**Exercise directions**
Type out the full set of entries again, unchanged.

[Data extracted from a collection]
___

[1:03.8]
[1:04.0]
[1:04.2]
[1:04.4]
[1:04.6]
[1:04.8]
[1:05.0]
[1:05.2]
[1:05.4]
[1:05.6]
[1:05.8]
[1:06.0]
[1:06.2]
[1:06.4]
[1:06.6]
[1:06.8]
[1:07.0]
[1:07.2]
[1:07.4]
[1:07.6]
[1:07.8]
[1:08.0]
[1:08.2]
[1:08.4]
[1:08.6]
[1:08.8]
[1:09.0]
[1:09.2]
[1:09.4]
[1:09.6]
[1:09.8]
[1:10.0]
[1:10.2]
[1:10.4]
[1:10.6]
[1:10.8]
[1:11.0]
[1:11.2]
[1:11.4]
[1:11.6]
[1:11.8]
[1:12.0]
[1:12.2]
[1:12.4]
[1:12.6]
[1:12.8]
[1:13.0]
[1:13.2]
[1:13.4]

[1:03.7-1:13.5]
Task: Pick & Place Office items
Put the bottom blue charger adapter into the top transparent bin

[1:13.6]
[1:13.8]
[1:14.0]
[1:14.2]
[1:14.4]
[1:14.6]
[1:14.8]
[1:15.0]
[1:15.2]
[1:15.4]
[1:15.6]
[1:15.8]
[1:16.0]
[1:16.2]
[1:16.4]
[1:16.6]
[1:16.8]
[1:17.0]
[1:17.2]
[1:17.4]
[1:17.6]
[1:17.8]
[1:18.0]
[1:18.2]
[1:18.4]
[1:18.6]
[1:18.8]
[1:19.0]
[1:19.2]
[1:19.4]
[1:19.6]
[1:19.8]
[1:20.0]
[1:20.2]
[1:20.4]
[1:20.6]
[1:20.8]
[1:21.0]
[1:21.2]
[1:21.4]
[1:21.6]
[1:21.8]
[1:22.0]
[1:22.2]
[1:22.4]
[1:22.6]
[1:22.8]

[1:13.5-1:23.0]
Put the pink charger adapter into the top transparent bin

___

**Answer for the task**
[1:03.8]
[1:04.0]
[1:04.2]
[1:04.4]
[1:04.6]
[1:04.8]
[1:05.0]
[1:05.2]
[1:05.4]
[1:05.6]
[1:05.8]
[1:06.0]
[1:06.2]
[1:06.4]
[1:06.6]
[1:06.8]
[1:07.0]
[1:07.2]
[1:07.4]
[1:07.6]
[1:07.8]
[1:08.0]
[1:08.2]
[1:08.4]
[1:08.6]
[1:08.8]
[1:09.0]
[1:09.2]
[1:09.4]
[1:09.6]
[1:09.8]
[1:10.0]
[1:10.2]
[1:10.4]
[1:10.6]
[1:10.8]
[1:11.0]
[1:11.2]
[1:11.4]
[1:11.6]
[1:11.8]
[1:12.0]
[1:12.2]
[1:12.4]
[1:12.6]
[1:12.8]
[1:13.0]
[1:13.2]
[1:13.4]

[1:03.7-1:13.5]
Task: Pick & Place Office items
Put the bottom blue charger adapter into the top transparent bin

[1:13.6]
[1:13.8]
[1:14.0]
[1:14.2]
[1:14.4]
[1:14.6]
[1:14.8]
[1:15.0]
[1:15.2]
[1:15.4]
[1:15.6]
[1:15.8]
[1:16.0]
[1:16.2]
[1:16.4]
[1:16.6]
[1:16.8]
[1:17.0]
[1:17.2]
[1:17.4]
[1:17.6]
[1:17.8]
[1:18.0]
[1:18.2]
[1:18.4]
[1:18.6]
[1:18.8]
[1:19.0]
[1:19.2]
[1:19.4]
[1:19.6]
[1:19.8]
[1:20.0]
[1:20.2]
[1:20.4]
[1:20.6]
[1:20.8]
[1:21.0]
[1:21.2]
[1:21.4]
[1:21.6]
[1:21.8]
[1:22.0]
[1:22.2]
[1:22.4]
[1:22.6]
[1:22.8]

[1:13.5-1:23.0]
Put the pink charger adapter into the top transparent bin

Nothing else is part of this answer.